[REQUIREMENT]
Scan the data for "hanging" and copy each matching line.

Records from a data source

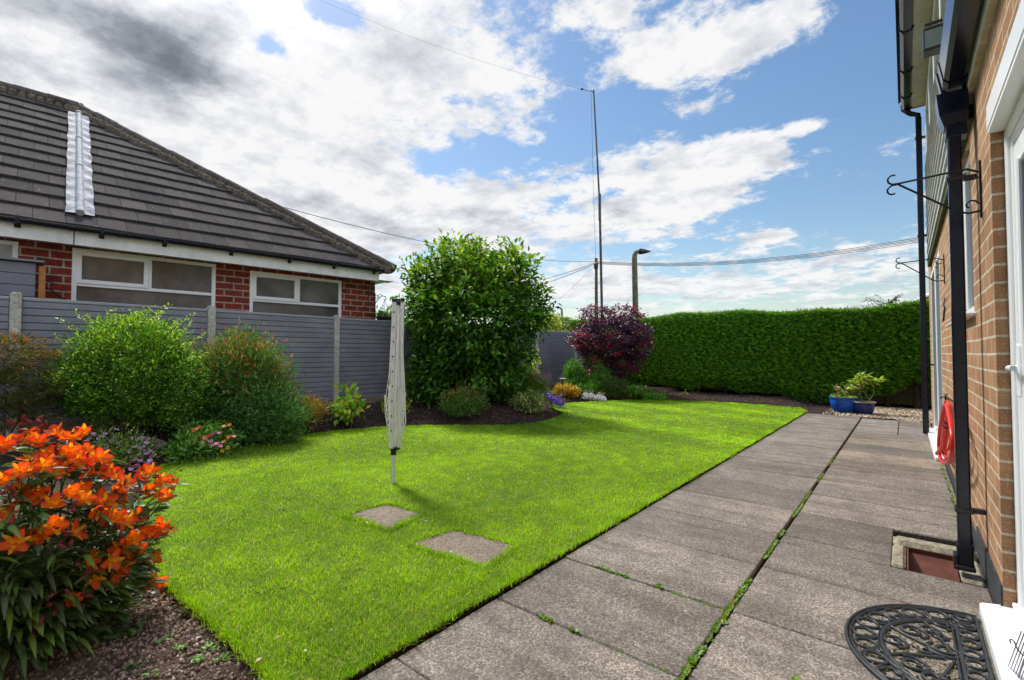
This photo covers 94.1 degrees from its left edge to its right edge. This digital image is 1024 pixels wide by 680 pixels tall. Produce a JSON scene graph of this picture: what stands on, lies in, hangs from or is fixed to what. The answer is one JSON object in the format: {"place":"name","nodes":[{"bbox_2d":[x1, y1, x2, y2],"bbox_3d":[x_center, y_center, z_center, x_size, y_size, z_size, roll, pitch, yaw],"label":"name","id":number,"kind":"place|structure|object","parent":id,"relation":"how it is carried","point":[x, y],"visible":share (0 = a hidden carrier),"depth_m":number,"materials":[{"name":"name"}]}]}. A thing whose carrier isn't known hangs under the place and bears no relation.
{"place":"outdoors","nodes":[
{"label":"outdoors","id":0,"kind":"place"},
{"bbox_2d":[0,0,928,328],"label":"sky","id":1,"kind":"structure","parent":0,"point":[728,131],"materials":[{"name":"blue"}]},
{"bbox_2d":[0,382,931,679],"bbox_3d":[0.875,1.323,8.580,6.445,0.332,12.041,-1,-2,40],"label":"bark mulch","id":2,"kind":"object","parent":0,"point":[519,422],"visible":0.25,"depth_m":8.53,"materials":[{"name":"brown wood"}]},
{"bbox_2d":[0,256,45,425],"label":"garden store","id":3,"kind":"structure","parent":2,"relation":"on","point":[17,274],"depth_m":6.12,"materials":[{"name":"grey wood"}]},
{"bbox_2d":[0,330,75,453],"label":"bronze shrub","id":4,"kind":"object","parent":2,"relation":"on","point":[33,394],"visible":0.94,"depth_m":5.00,"materials":[{"name":"brown plant"}]},
{"bbox_2d":[0,414,192,679],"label":"orange lily clump","id":5,"kind":"object","parent":2,"relation":"on","point":[51,594],"visible":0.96,"depth_m":1.90,"materials":[{"name":"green plant"}]},
{"bbox_2d":[81,424,159,471],"bbox_3d":[-4.086,1.100,4.950,0.716,0.480,0.879,1,-2,-30],"label":"pink flowering clump","id":6,"kind":"object","parent":2,"relation":"on","point":[128,447],"visible":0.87,"depth_m":4.92,"materials":[{"name":"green plant"}]},
{"bbox_2d":[25,301,220,435],"bbox_3d":[-4.639,0.358,5.793,2.123,1.680,1.724,-1,-2,40],"label":"green bush","id":7,"kind":"object","parent":2,"relation":"on","point":[159,346],"visible":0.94,"depth_m":5.53,"materials":[{"name":"green plant"}]},
{"bbox_2d":[3,531,260,679],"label":"soil crumbs","id":8,"kind":"object","parent":2,"relation":"on","point":[143,668],"visible":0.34,"depth_m":1.90,"materials":[{"name":"brown soil"}]},
{"bbox_2d":[143,438,167,454],"bbox_3d":[-4.085,1.246,5.455,0.246,0.254,0.263,-1,-2,40],"label":"rock","id":9,"kind":"object","parent":2,"relation":"on","point":[159,443],"visible":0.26,"depth_m":5.40,"materials":[{"name":"grey stone"}]},
{"bbox_2d":[111,631,231,676],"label":"soil weeds","id":10,"kind":"object","parent":2,"relation":"on","point":[209,644],"visible":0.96,"depth_m":1.89,"materials":[{"name":"green plant"}]},
{"bbox_2d":[76,548,290,679],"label":"fallen petals","id":11,"kind":"object","parent":2,"relation":"on","point":[137,623],"visible":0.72,"depth_m":1.93,"materials":[{"name":"plant"}]},
{"bbox_2d":[150,415,248,466],"bbox_3d":[-3.472,1.115,5.389,0.854,0.544,0.941,1,-2,-19],"label":"mixed flower clump","id":12,"kind":"object","parent":2,"relation":"on","point":[191,438],"visible":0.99,"depth_m":5.30,"materials":[{"name":"green plant"}]},
{"bbox_2d":[169,317,321,446],"bbox_3d":[-3.537,0.539,6.456,1.819,1.718,1.855,1,-2,-21],"label":"orange tipped shrub","id":13,"kind":"object","parent":2,"relation":"on","point":[256,400],"visible":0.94,"depth_m":6.14,"materials":[{"name":"green plant"}]},
{"bbox_2d":[296,392,331,432],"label":"golden shrub","id":14,"kind":"object","parent":2,"relation":"on","point":[317,405],"visible":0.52,"depth_m":7.07,"materials":[{"name":"yellow plant"}]},
{"bbox_2d":[327,381,370,426],"bbox_3d":[-2.602,1.033,7.445,0.700,0.807,0.770,0,-2,0],"label":"leafy plant","id":15,"kind":"object","parent":2,"relation":"on","point":[338,410],"visible":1,"depth_m":7.46,"materials":[{"name":"green plant"}]},
{"bbox_2d":[380,394,417,416],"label":"green plant","id":16,"kind":"object","parent":2,"relation":"on","point":[383,405],"visible":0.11,"depth_m":7.99,"materials":[{"name":"green plant"}]},
{"bbox_2d":[403,358,459,405],"bbox_3d":[-1.513,0.800,9.218,1.269,1.016,0.973,0,-2,-8],"label":"laurel shrub","id":17,"kind":"object","parent":2,"relation":"on","point":[415,386],"visible":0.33,"depth_m":9.02,"materials":[{"name":"green plant"}]},
{"bbox_2d":[435,381,491,417],"bbox_3d":[-0.845,1.033,8.320,0.981,0.653,1.096,-1,-2,40],"label":"dwarf evergreen","id":18,"kind":"object","parent":2,"relation":"on","point":[455,402],"visible":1,"depth_m":8.14,"materials":[{"name":"green plant"}]},
{"bbox_2d":[390,228,562,408],"bbox_3d":[-0.744,-0.392,9.510,3.197,3.738,3.336,1,-2,-26],"label":"round tree","id":19,"kind":"object","parent":2,"relation":"on","point":[476,281],"visible":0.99,"depth_m":8.89,"materials":[{"name":"green plant"}]},
{"bbox_2d":[487,363,535,405],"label":"shade plants","id":20,"kind":"object","parent":2,"relation":"on","point":[503,397],"visible":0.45,"depth_m":9.31,"materials":[{"name":"green plant"}]},
{"bbox_2d":[508,388,549,414],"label":"variegated shrub","id":21,"kind":"object","parent":2,"relation":"on","point":[539,399],"visible":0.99,"depth_m":8.88,"materials":[{"name":"green plant"}]},
{"bbox_2d":[523,349,541,373],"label":"yellow leaved sprig","id":22,"kind":"object","parent":2,"relation":"on","point":[534,360],"visible":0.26,"depth_m":10.15,"materials":[{"name":"green plant"}]},
{"bbox_2d":[521,364,551,401],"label":"spired plant","id":23,"kind":"object","parent":2,"relation":"on","point":[543,386],"visible":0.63,"depth_m":9.73,"materials":[{"name":"green plant"}]},
{"bbox_2d":[542,389,565,406],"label":"purple flower clump","id":24,"kind":"object","parent":2,"relation":"on","point":[556,400],"visible":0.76,"depth_m":10.26,"materials":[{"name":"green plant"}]},
{"bbox_2d":[559,378,566,401],"bbox_3d":[1.215,1.181,11.122,0.174,0.605,0.746,0,-2,12],"label":"bath","id":25,"kind":"object","parent":2,"relation":"on","point":[562,386],"visible":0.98,"depth_m":11.03,"materials":[{"name":"grey stone"}]},
{"bbox_2d":[552,382,582,397],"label":"orange leaved plant","id":26,"kind":"object","parent":2,"relation":"on","point":[570,390],"visible":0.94,"depth_m":11.81,"materials":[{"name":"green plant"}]},
{"bbox_2d":[561,356,613,393],"bbox_3d":[1.901,0.904,12.480,1.453,1.035,1.448,-1,-2,40],"label":"climbing shrub","id":27,"kind":"object","parent":2,"relation":"on","point":[582,379],"visible":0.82,"depth_m":12.39,"materials":[{"name":"green plant"}]},
{"bbox_2d":[581,390,606,400],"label":"white flower clump","id":28,"kind":"object","parent":2,"relation":"on","point":[596,397],"visible":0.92,"depth_m":11.54,"materials":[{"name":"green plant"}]},
{"bbox_2d":[563,302,654,379],"bbox_3d":[2.694,0.129,13.100,2.279,2.409,2.302,-1,-2,40],"label":"purple maple","id":29,"kind":"object","parent":2,"relation":"on","point":[588,340],"visible":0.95,"depth_m":12.86,"materials":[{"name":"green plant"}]},
{"bbox_2d":[595,374,631,398],"bbox_3d":[2.546,1.198,12.168,0.890,0.681,0.908,-1,-2,40],"label":"rounded evergreen","id":30,"kind":"object","parent":2,"relation":"on","point":[615,387],"visible":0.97,"depth_m":12.05,"materials":[{"name":"green plant"}]},
{"bbox_2d":[624,383,667,400],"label":"ground cover","id":31,"kind":"object","parent":2,"relation":"on","point":[637,391],"visible":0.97,"depth_m":12.11,"materials":[{"name":"green plant"}]},
{"bbox_2d":[569,292,930,407],"bbox_3d":[6.455,0.285,12.876,10.962,2.606,1.502,-1,-2,40],"label":"conifer hedge","id":32,"kind":"object","parent":2,"relation":"on","point":[797,353],"visible":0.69,"depth_m":11.79,"materials":[{"name":"green plant"}]},
{"bbox_2d":[622,381,931,405],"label":"wall","id":33,"kind":"structure","parent":2,"relation":"on","point":[905,397],"depth_m":11.38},
{"bbox_2d":[822,406,931,423],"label":"gravel","id":34,"kind":"structure","parent":2,"relation":"on","point":[901,414],"depth_m":9.18,"materials":[{"name":"beige gravel"}]},
{"bbox_2d":[829,396,858,412],"bbox_3d":[6.681,1.298,9.595,0.505,0.310,0.505,-1,-2,40],"label":"plant pot","id":35,"kind":"object","parent":34,"relation":"on","point":[842,405],"visible":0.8,"depth_m":9.43,"materials":[{"name":"blue ceramic"}]},
{"bbox_2d":[828,382,862,397],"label":"potted plant","id":36,"kind":"object","parent":35,"relation":"in","point":[852,393],"visible":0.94,"depth_m":9.56,"materials":[{"name":"green plant"}]},
{"bbox_2d":[853,400,876,413],"bbox_3d":[6.889,1.324,9.338,0.403,0.245,0.403,-1,-2,40],"label":"plant pot","id":37,"kind":"object","parent":34,"relation":"on","point":[863,407],"visible":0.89,"depth_m":9.21,"materials":[{"name":"blue ceramic"}]},
{"bbox_2d":[846,370,886,401],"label":"potted shrub","id":38,"kind":"object","parent":37,"relation":"in","point":[865,380],"visible":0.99,"depth_m":9.32,"materials":[{"name":"green plant"}]},
{"bbox_2d":[133,399,807,679],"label":"lawn","id":39,"kind":"structure","parent":0,"point":[466,612],"depth_m":3.38,"materials":[{"name":"green plant"}]},
{"bbox_2d":[351,504,420,529],"bbox_3d":[-0.896,1.292,3.426,0.510,0.072,0.399,-1,-2,40],"label":"stepping stone","id":40,"kind":"object","parent":39,"relation":"on","point":[389,515],"visible":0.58,"depth_m":3.44,"materials":[{"name":"grey stone"}]},
{"bbox_2d":[384,298,405,483],"bbox_3d":[-1.037,0.466,4.257,0.194,1.692,0.175,-1,-2,40],"label":"rotary clothes line","id":41,"kind":"object","parent":39,"relation":"on","point":[396,401],"visible":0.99,"depth_m":4.24,"materials":[{"name":"fabric"}]},
{"bbox_2d":[411,529,514,567],"bbox_3d":[-0.294,1.277,2.893,0.592,0.072,0.364,-1,-2,33],"label":"stepping stone","id":42,"kind":"object","parent":39,"relation":"on","point":[478,547],"visible":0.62,"depth_m":2.89,"materials":[{"name":"grey stone"}]},
{"bbox_2d":[360,413,997,679],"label":"path","id":43,"kind":"structure","parent":0,"point":[826,572],"depth_m":2.46,"materials":[{"name":"grey concrete"}]},
{"bbox_2d":[537,456,956,679],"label":"weeds","id":44,"kind":"object","parent":43,"relation":"on","point":[687,669],"visible":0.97,"depth_m":2.19,"materials":[{"name":"green plant"}]},
{"bbox_2d":[844,604,993,679],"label":"doormat","id":45,"kind":"object","parent":43,"relation":"on","point":[970,625],"visible":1,"depth_m":1.94,"materials":[{"name":"black rubber"}]},
{"bbox_2d":[853,610,988,678],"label":"mat debris","id":46,"kind":"object","parent":45,"relation":"in","point":[914,646],"visible":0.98,"depth_m":1.91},
{"bbox_2d":[891,536,986,587],"bbox_3d":[2.436,1.343,2.740,0.389,0.230,0.574,-1,-2,40],"label":"drain gully","id":47,"kind":"object","parent":43,"relation":"in","point":[929,558],"visible":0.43,"depth_m":2.78,"materials":[{"name":"beige concrete"}]},
{"bbox_2d":[895,0,1023,679],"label":"house","id":48,"kind":"structure","parent":43,"relation":"on","point":[965,87],"depth_m":2.44,"materials":[{"name":"beige brick"}]},
{"bbox_2d":[895,254,944,283],"bbox_3d":[4.104,-0.699,4.803,0.376,0.301,0.022,-1,-2,40],"label":"basket bracket","id":49,"kind":"object","parent":48,"relation":"attached to","point":[921,273],"visible":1,"depth_m":4.75,"materials":[{"name":"black metal"}]},
{"bbox_2d":[922,18,942,58],"bbox_3d":[3.071,-2.181,3.434,0.175,0.195,0.130,-1,-2,40],"label":"floodlight","id":50,"kind":"object","parent":48,"relation":"attached to","point":[931,39],"visible":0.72,"depth_m":3.42,"materials":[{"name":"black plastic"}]},
{"bbox_2d":[925,0,941,151],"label":"window","id":51,"kind":"structure","parent":48,"relation":"in","point":[937,4],"depth_m":5.98,"materials":[{"name":"white plastic"}]},
{"bbox_2d":[886,160,981,217],"bbox_3d":[2.221,-0.764,2.523,0.376,0.301,0.022,-1,-2,40],"label":"basket bracket","id":52,"kind":"object","parent":48,"relation":"attached to","point":[944,205],"visible":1,"depth_m":2.46,"materials":[{"name":"black metal"}]},
{"bbox_2d":[928,251,944,460],"bbox_3d":[5.569,0.171,6.261,0.165,2.366,2.750,-1,-2,40],"label":"patio door","id":53,"kind":"structure","parent":48,"relation":"in","point":[935,286],"depth_m":6.23,"materials":[{"name":"white plastic"}]},
{"bbox_2d":[946,152,975,327],"bbox_3d":[3.154,-0.648,3.329,0.130,1.055,1.600,-1,-2,40],"label":"window","id":54,"kind":"structure","parent":48,"relation":"in","point":[967,218],"depth_m":3.28,"materials":[{"name":"white plastic"}]},
{"bbox_2d":[1005,129,1023,476],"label":"door","id":55,"kind":"structure","parent":48,"relation":"in","point":[1018,368],"depth_m":1.93,"materials":[{"name":"white plastic"}]},
{"bbox_2d":[1008,631,1023,679],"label":"boot rack","id":56,"kind":"object","parent":48,"relation":"on","point":[1022,664],"visible":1,"depth_m":1.58,"materials":[{"name":"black metal"}]},
{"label":"wall hook","id":57,"kind":"object","parent":48,"relation":"attached to","visible":0},
{"bbox_2d":[935,400,954,464],"bbox_3d":[3.428,0.772,3.757,0.109,0.658,2.463,-1,-2,40],"label":"garden hose","id":58,"kind":"object","parent":57,"relation":"hanging from","point":[945,433],"visible":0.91,"depth_m":3.39,"materials":[{"name":"red"}]},
{"bbox_2d":[684,418,974,679],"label":"path bedding","id":59,"kind":"object","parent":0,"point":[721,625],"visible":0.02,"depth_m":2.78,"materials":[{"name":"soil"}]},
{"label":"ground","id":60,"kind":"structure","parent":0,"visible":0},
{"bbox_2d":[0,81,396,425],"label":"bungalow","id":61,"kind":"object","parent":60,"relation":"on","point":[96,206],"visible":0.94,"depth_m":8.21,"materials":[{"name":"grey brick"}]},
{"bbox_2d":[0,240,17,257],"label":"window","id":62,"kind":"structure","parent":61,"relation":"in","point":[7,248],"depth_m":6.44,"materials":[{"name":"white plastic"}]},
{"bbox_2d":[71,248,215,308],"bbox_3d":[-5.723,-0.636,7.519,0.092,1.360,1.810,-2,-2,45],"label":"window","id":63,"kind":"structure","parent":61,"relation":"in","point":[97,276],"depth_m":7.44,"materials":[{"name":"white plastic"}]},
{"bbox_2d":[249,270,341,316],"bbox_3d":[-4.112,-0.570,9.156,0.092,1.320,1.715,-2,-2,45],"label":"window","id":64,"kind":"structure","parent":61,"relation":"in","point":[269,292],"depth_m":9.09,"materials":[{"name":"white plastic"}]},
{"bbox_2d":[368,293,396,320],"bbox_3d":[-2.799,-0.670,10.408,0.786,0.658,0.786,0,-2,-11],"label":"hanging basket","id":65,"kind":"object","parent":61,"relation":"attached to","point":[380,314],"visible":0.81,"depth_m":10.26,"materials":[{"name":"black metal"}]},
{"bbox_2d":[0,292,584,451],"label":"garden fence","id":66,"kind":"object","parent":60,"relation":"on","point":[330,352],"visible":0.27,"depth_m":8.17,"materials":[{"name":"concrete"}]},
{"bbox_2d":[537,312,566,331],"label":"distant tree","id":67,"kind":"object","parent":60,"relation":"on","point":[556,326],"visible":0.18,"depth_m":45.23,"materials":[{"name":"green plant"}]},
{"bbox_2d":[555,309,572,331],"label":"distant tree","id":68,"kind":"object","parent":60,"relation":"on","point":[565,319],"visible":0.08,"depth_m":49.28,"materials":[{"name":"green plant"}]},
{"bbox_2d":[581,88,602,314],"bbox_3d":[3.413,-4.330,19.927,1.081,12.475,0.259,1,-2,-22],"label":"aerial mast","id":69,"kind":"object","parent":60,"relation":"on","point":[600,245],"visible":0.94,"depth_m":19.97,"materials":[{"name":"metal"}]},
{"bbox_2d":[323,1,574,87],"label":"aerial wire","id":70,"kind":"object","parent":69,"relation":"attached to","point":[449,50],"visible":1,"depth_m":18.19,"materials":[{"name":"black metal"}]},
{"bbox_2d":[593,258,598,317],"bbox_3d":[5.656,-1.615,31.865,0.360,7.726,0.515,0,-2,0],"label":"utility pole","id":71,"kind":"object","parent":60,"relation":"on","point":[596,276],"visible":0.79,"depth_m":31.88,"materials":[{"name":"brown wood"}]},
{"bbox_2d":[285,207,595,261],"bbox_3d":[-1.537,-4.854,23.497,0.023,1.341,22.252,-1,-2,40],"label":"overhead wire","id":72,"kind":"object","parent":71,"relation":"attached to","point":[419,240],"visible":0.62,"depth_m":19.31,"materials":[{"name":"black metal"}]},
{"bbox_2d":[598,238,914,262],"bbox_3d":[14.642,-5.208,27.990,19.684,0.916,0.026,-1,-2,24],"label":"overhead wire","id":73,"kind":"object","parent":71,"relation":"attached to","point":[784,256],"visible":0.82,"depth_m":27.31,"materials":[{"name":"black"}]},
{"bbox_2d":[598,239,917,263],"bbox_3d":[14.642,-5.131,27.989,19.683,0.896,0.026,-1,-2,24],"label":"overhead wire","id":74,"kind":"object","parent":71,"relation":"attached to","point":[779,258],"visible":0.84,"depth_m":27.40,"materials":[{"name":"black"}]},
{"bbox_2d":[602,239,924,264],"bbox_3d":[14.642,-5.069,27.989,19.682,0.888,0.026,-1,-2,24],"label":"overhead wire","id":75,"kind":"object","parent":71,"relation":"attached to","point":[777,259],"visible":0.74,"depth_m":27.46,"materials":[{"name":"black"}]},
{"bbox_2d":[606,240,926,265],"bbox_3d":[14.642,-4.992,27.988,19.681,0.868,0.026,-1,-2,24],"label":"overhead wire","id":76,"kind":"object","parent":71,"relation":"attached to","point":[777,260],"visible":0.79,"depth_m":27.55,"materials":[{"name":"black"}]},
{"bbox_2d":[632,248,650,316],"bbox_3d":[6.744,-1.373,24.893,0.961,6.850,0.487,-1,-2,24],"label":"street lamp","id":77,"kind":"object","parent":60,"relation":"on","point":[635,278],"visible":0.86,"depth_m":24.89,"materials":[{"name":"concrete"}]}
]}

[YOUR RESPONSE]
{"bbox_2d":[935,400,954,464],"bbox_3d":[3.428,0.772,3.757,0.109,0.658,2.463,-1,-2,40],"label":"garden hose","id":58,"kind":"object","parent":57,"relation":"hanging from","point":[945,433],"visible":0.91,"depth_m":3.39,"materials":[{"name":"red"}]},
{"bbox_2d":[368,293,396,320],"bbox_3d":[-2.799,-0.670,10.408,0.786,0.658,0.786,0,-2,-11],"label":"hanging basket","id":65,"kind":"object","parent":61,"relation":"attached to","point":[380,314],"visible":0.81,"depth_m":10.26,"materials":[{"name":"black metal"}]},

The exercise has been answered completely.